(Data records)

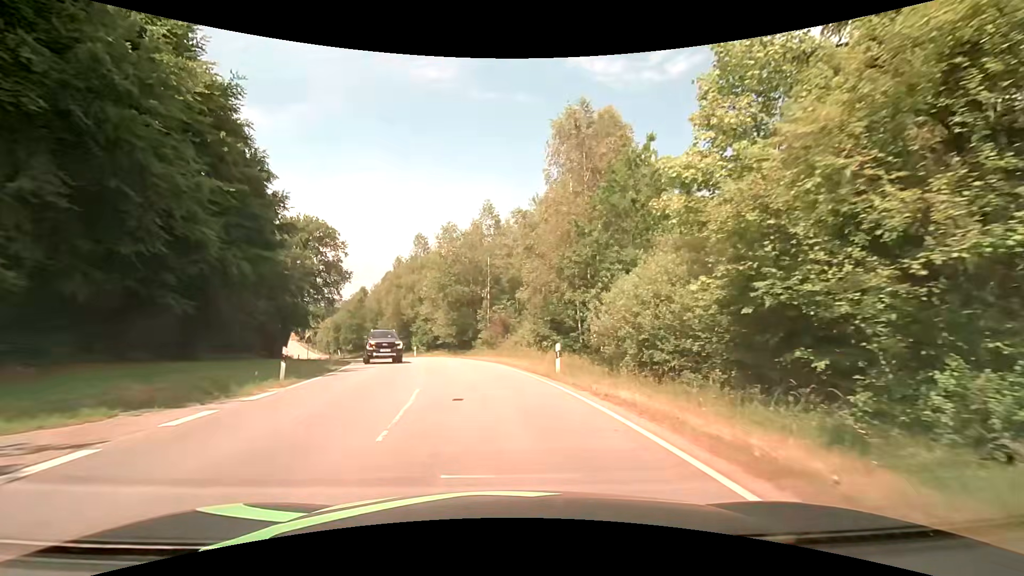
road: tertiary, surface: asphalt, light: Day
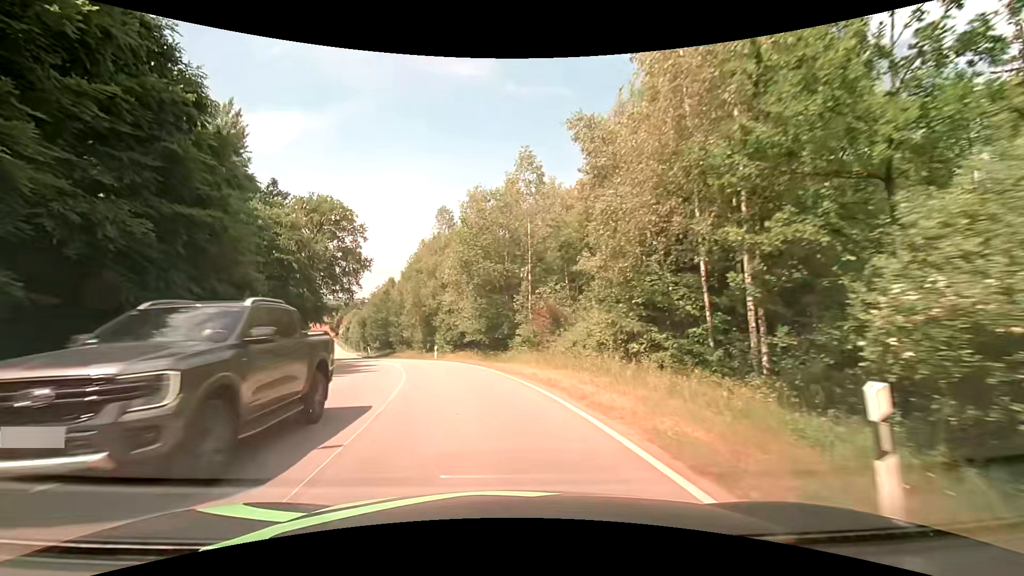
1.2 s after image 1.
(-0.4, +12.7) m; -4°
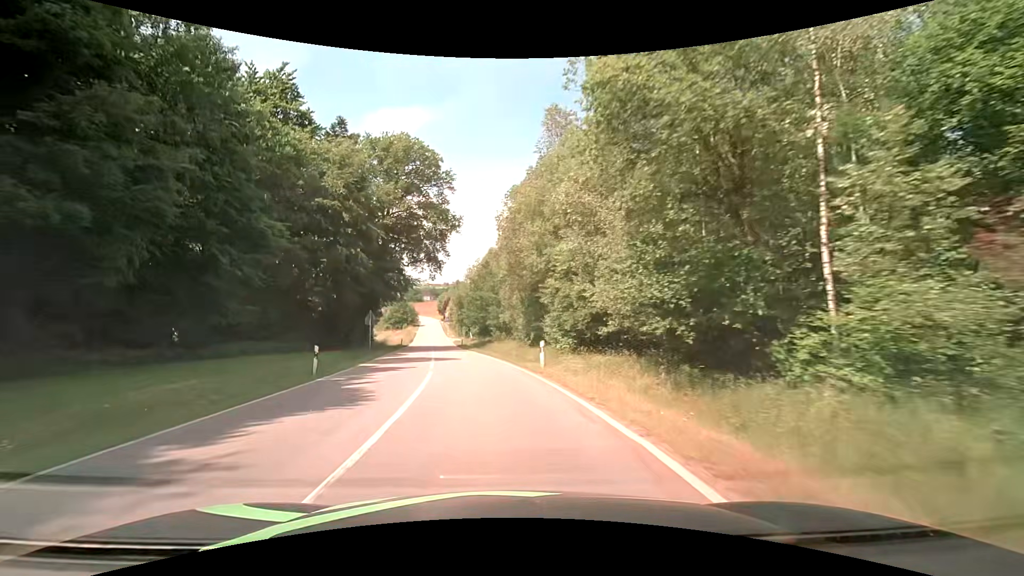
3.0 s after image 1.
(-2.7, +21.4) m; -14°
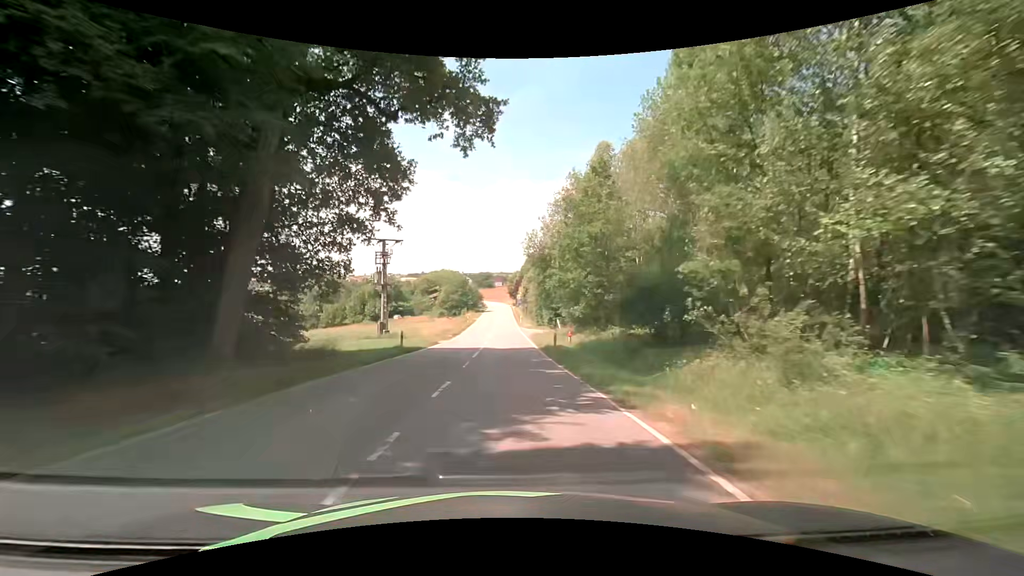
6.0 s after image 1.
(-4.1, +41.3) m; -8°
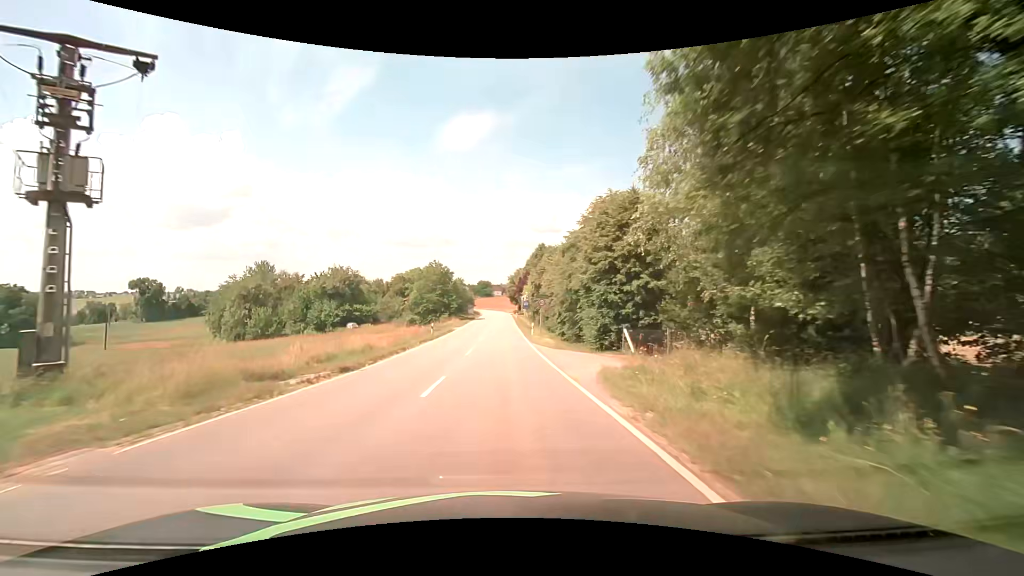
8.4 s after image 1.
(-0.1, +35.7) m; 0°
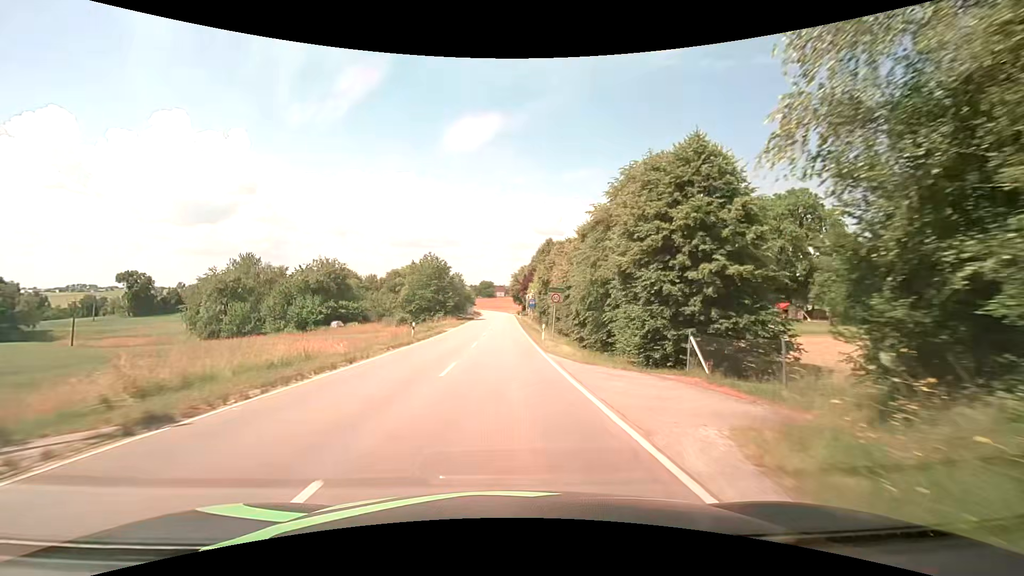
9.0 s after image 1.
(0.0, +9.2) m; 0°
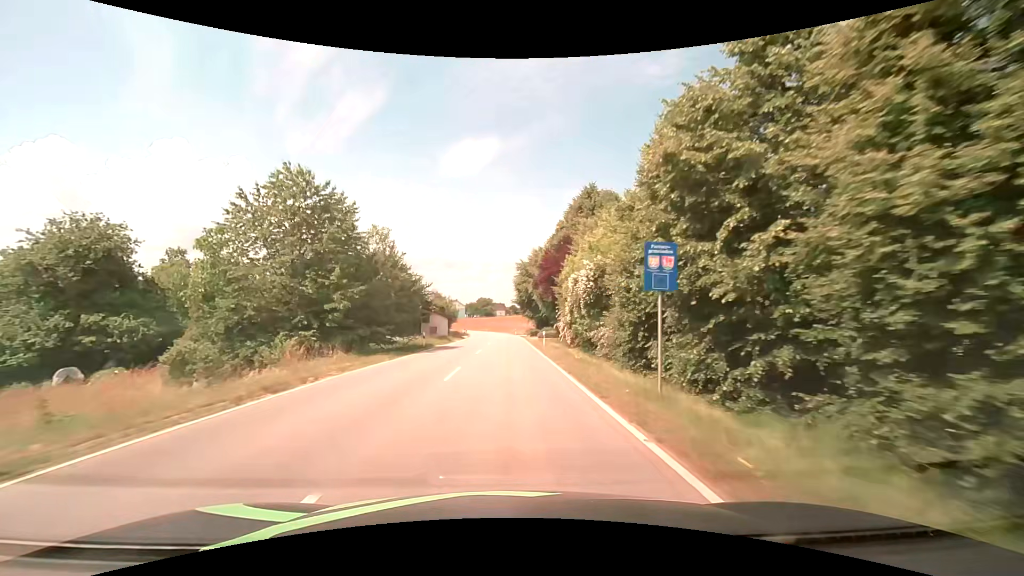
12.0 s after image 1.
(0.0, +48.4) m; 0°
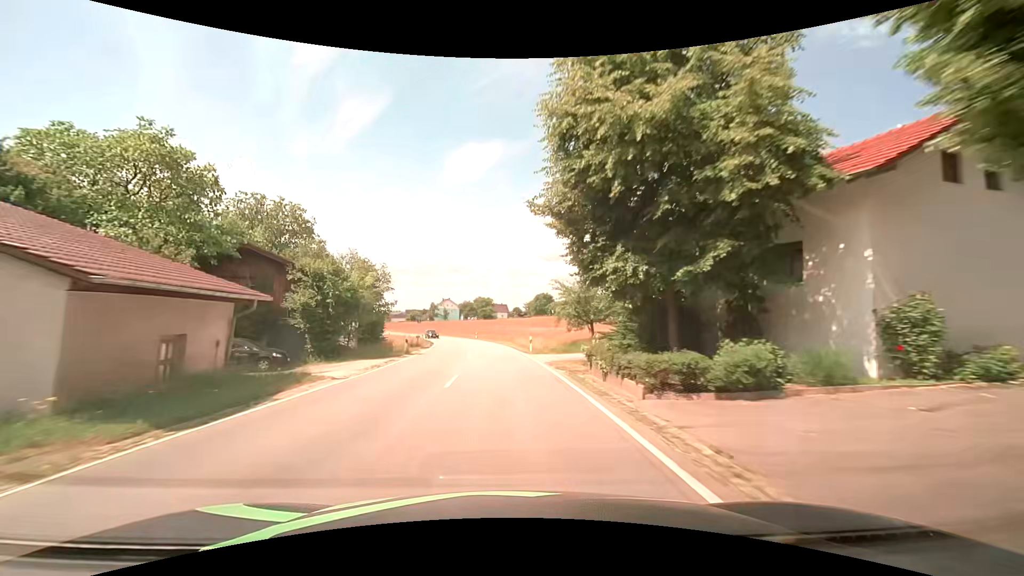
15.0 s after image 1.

(End Data records)

* **What you should do**:
Leave the pictures out and reproduce each record exactly as written.

* **Your solution**:
road: tertiary, surface: asphalt, light: Day
1.2 s after image 1.
(-0.4, +12.7) m; -4°
3.0 s after image 1.
(-2.7, +21.4) m; -14°
6.0 s after image 1.
(-4.1, +41.3) m; -8°
8.4 s after image 1.
(-0.1, +35.7) m; 0°
9.0 s after image 1.
(0.0, +9.2) m; 0°
12.0 s after image 1.
(0.0, +48.4) m; 0°
15.0 s after image 1.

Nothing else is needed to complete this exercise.